- Thai: รักไม่รักอย่ากั๊กเลย
- Directed by: Sarasawadee Wongsompetch
- Produced by: Bhandit Thongdee; Wattana Weerayawattana;
- Starring: Sucharat Manaying; Suppanad Jittaleela; Sarunthorn Klaiudom;
- Cinematography: Ruengwit Ramasoota
- Production company: Come On Sweet (TH)
- Release date: 16 August 2012 (Thailand);
- Running time: 108
- Country: Thailand
- Language: Thai
- Budget: ฿200 million baht THB

= Yes or No 2 =

Thai LGBTQ+ film

Yes or No 2 (Thai: รักไม่รักอย่ากั๊กเลย, romanized: Rak Mai Rak Ya Kak Loei), also known as Yes or No 2: Come Back to Me, is a 2012 Thai romantic comedy film directed by Sarasawadee Wongsompetch, starring Sucharat "Aom" Manaying and Suppanad "Tina" Jitaleela. The sequel toYes or No (2010), inYes or No 2 Sucharat and Suppanad reprise their roles as Pie and Kim.

== Plot ==
Three years later after the plot of Yes or No, Kim and Pie have graduated from college. Still in love, Kim and Pie initially planned to find internships close to each other, but a lack of options causes them to head in different directions.
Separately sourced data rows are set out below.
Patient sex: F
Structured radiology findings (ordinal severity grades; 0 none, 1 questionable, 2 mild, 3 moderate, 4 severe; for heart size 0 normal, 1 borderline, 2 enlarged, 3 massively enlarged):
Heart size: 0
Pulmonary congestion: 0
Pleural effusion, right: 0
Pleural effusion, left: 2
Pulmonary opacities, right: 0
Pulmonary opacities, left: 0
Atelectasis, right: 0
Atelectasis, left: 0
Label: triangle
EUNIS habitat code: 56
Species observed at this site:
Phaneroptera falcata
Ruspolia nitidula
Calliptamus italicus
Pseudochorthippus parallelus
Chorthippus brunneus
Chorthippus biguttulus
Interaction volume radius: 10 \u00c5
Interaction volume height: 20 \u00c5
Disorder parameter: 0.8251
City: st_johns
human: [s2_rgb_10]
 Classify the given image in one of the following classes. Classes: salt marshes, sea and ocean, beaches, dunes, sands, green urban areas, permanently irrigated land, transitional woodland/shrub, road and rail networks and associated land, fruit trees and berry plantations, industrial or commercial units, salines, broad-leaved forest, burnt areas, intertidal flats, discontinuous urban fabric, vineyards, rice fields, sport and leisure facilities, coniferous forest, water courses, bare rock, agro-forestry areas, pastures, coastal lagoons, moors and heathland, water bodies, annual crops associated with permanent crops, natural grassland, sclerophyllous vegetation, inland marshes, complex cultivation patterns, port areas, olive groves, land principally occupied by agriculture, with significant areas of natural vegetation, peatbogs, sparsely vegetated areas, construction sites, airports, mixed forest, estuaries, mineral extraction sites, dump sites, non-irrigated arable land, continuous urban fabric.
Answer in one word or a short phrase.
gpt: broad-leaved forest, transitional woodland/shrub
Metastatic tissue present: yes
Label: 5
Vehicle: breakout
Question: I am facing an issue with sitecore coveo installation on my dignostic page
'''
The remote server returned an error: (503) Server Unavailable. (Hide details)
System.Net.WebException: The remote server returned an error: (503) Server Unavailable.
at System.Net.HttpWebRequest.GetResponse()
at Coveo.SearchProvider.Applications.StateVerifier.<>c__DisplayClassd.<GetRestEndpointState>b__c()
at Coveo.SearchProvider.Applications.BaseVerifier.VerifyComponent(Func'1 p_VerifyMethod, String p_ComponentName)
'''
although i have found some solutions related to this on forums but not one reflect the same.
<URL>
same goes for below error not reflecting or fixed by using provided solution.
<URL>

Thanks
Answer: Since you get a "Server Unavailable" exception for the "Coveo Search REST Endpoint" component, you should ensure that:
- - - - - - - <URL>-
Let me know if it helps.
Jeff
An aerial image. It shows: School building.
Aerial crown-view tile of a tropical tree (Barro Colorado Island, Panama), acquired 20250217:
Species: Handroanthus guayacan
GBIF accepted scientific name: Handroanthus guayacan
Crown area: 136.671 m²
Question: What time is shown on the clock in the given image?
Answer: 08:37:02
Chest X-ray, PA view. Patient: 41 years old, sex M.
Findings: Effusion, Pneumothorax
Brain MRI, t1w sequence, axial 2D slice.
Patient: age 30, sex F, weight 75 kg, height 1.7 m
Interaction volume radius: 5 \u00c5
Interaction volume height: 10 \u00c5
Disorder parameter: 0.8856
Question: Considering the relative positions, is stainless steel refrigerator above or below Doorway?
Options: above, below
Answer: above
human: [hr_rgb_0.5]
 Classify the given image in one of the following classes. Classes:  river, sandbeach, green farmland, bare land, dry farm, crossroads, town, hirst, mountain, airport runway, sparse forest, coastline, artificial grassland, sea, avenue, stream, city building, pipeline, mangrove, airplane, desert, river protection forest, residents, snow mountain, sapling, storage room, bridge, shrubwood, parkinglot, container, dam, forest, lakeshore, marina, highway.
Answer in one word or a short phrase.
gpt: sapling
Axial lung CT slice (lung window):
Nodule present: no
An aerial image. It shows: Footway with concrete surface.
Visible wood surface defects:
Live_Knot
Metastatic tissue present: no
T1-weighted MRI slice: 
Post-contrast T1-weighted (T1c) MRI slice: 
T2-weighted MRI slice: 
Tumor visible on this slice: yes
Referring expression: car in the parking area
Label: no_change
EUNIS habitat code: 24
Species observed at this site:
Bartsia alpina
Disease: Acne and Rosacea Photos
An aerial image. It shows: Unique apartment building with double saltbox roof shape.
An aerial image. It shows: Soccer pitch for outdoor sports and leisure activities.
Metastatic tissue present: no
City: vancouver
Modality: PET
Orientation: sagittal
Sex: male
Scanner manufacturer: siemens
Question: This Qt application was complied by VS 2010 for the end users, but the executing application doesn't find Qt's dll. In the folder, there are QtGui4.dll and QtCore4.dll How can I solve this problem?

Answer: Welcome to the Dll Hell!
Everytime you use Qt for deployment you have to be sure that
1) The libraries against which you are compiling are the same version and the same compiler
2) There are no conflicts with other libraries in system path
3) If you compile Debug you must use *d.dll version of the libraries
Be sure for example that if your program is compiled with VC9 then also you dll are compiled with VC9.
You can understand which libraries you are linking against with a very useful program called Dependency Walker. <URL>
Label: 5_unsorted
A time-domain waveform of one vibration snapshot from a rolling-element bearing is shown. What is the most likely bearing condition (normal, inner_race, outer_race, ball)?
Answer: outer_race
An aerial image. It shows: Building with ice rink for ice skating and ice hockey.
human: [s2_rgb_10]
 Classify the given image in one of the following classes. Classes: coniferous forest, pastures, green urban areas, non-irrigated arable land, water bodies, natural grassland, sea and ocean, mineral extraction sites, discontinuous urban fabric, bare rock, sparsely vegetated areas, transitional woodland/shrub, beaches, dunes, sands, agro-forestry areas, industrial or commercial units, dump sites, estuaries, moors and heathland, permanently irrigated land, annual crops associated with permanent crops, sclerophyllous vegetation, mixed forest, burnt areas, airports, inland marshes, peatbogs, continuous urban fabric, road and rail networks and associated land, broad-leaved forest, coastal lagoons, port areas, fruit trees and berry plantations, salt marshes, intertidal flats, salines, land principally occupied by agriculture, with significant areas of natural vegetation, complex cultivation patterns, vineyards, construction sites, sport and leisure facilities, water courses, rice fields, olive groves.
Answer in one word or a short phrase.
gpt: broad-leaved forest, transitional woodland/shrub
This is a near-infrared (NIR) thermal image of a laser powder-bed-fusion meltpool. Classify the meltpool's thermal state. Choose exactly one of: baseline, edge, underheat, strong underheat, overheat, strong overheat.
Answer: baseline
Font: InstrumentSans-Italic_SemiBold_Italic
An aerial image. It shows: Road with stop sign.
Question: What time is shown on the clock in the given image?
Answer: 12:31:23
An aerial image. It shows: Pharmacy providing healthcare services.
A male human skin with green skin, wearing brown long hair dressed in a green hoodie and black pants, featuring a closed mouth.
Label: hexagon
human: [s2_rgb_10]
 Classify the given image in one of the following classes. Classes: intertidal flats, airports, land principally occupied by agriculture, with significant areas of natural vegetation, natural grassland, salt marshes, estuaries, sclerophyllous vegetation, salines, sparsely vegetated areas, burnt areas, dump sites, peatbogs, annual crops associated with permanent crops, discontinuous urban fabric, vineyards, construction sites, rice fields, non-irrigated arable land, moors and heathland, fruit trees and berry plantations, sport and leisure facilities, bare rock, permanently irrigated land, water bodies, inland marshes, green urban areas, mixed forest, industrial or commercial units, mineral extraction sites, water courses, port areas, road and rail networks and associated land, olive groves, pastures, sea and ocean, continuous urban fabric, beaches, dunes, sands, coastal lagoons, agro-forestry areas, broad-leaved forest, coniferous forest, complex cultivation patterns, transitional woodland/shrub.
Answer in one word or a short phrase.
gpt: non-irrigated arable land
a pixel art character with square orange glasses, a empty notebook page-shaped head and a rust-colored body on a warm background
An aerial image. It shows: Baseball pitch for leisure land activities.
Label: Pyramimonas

While Kim works on a farm in the northern province of Nan, Pie works at a fishery near the southern coast of Thailand. Forced into a long distance relationship, their love is tested by Jam, Kim's co-worker on the farm who develops a crush on her.

== Cast ==

- Sucharat Manaying - as Pie
- Suppanad Jittaleela - as Kim
- Sarunthorn Klaiudom - as Jam
- Inthira Yuenyong - as Aunt In
- Maneerut Wongjirasak - as Pie's Mother
- Puttipong Promsaka Na Sakolnakorn - as Kim's Father
- Ruechanok Meesang - as Meena
- Premprida Sakulsripon - as Maesa
- Nisa Boonsantia - as Yongkoa
- Thanapat Sornkoon - as Peoi
- Narumon Reanaiprai - as Nerd
- Thanabordin Yongsuebchat - as P'Duang
- Kacharin Khumwong - as P'Joe
- Surapong Kunarattanapruk - as P'Su
- Bhandit Thongdee - as P'Odd
- Sophon Phoonsawat - as P'Jeab
- Pattamaket Jaichansuhhit - as P'Som
- Penchan Wongsomphet - as Fair Official Lady
- Piyawan Ruengpanyawut - as Waitress

== Production ==
During an interview, Saratsawadee Wongsomphet shared that she would have never expected a sequel to be possible during the making of the original film. She attributed the creation of Yes or No 2 to be due to the support of both Thai and international fans.

Chatchada Musikaratuay, Yes or No 2's executive producer, paid for the movie's 20 million baht budget out of her own pocket. She used money from DVD sales, actor appearances, and merchandise in order to gather enough funds.

According to Chatchada, a few Chinese investors initially offered to fund the film with the condition that one of the leads was changed from a girl to a guy. She refused, and kept the sapphic themes of the film intact.

== Release ==
Yes or No 2 premiered theatrically in Thailand on 16 August 12.

=== Home Media ===
The film was released as a VOD on Netflix in the United States and United Kingdom on 7 November 2018.

=== Box Office ===
Within the first four days of Yes or No 2's release, the film grossed over 10.4 million baht, and reached number two at the box office.

== Reception ==

=== Accolades ===
In 2013, Sarunthorn Klaiudom was nominated for her role in Yes or No 2 under the category of Best Supporting Actress at the Thailand National Film Association Awards.

== 2015 Release: Yes or No 2.5 ==
In 2015, an additional film, Yes or No 2.5 (Thai: กลับมา เพื่อรักเธอ), was released.

ComeOn Sweet had previously announced their desire to produce more "Yes or No movies...[such as] Yes or No 2.6, 2.7..." However, they clarified that Yes or No 2.5 was not a sequel to Yes or No 2, despite sharing the same name. Instead, both films have different storylines and characters.

Yes or No 2.5 was directed by Kirati Nakintanon and stars Sunanta Yoonniyom, Chansakorn Kittiwattanakorn, Suppanad Jittaleela, and Pimpakan Bangchawong. It was released on 28 May 2018.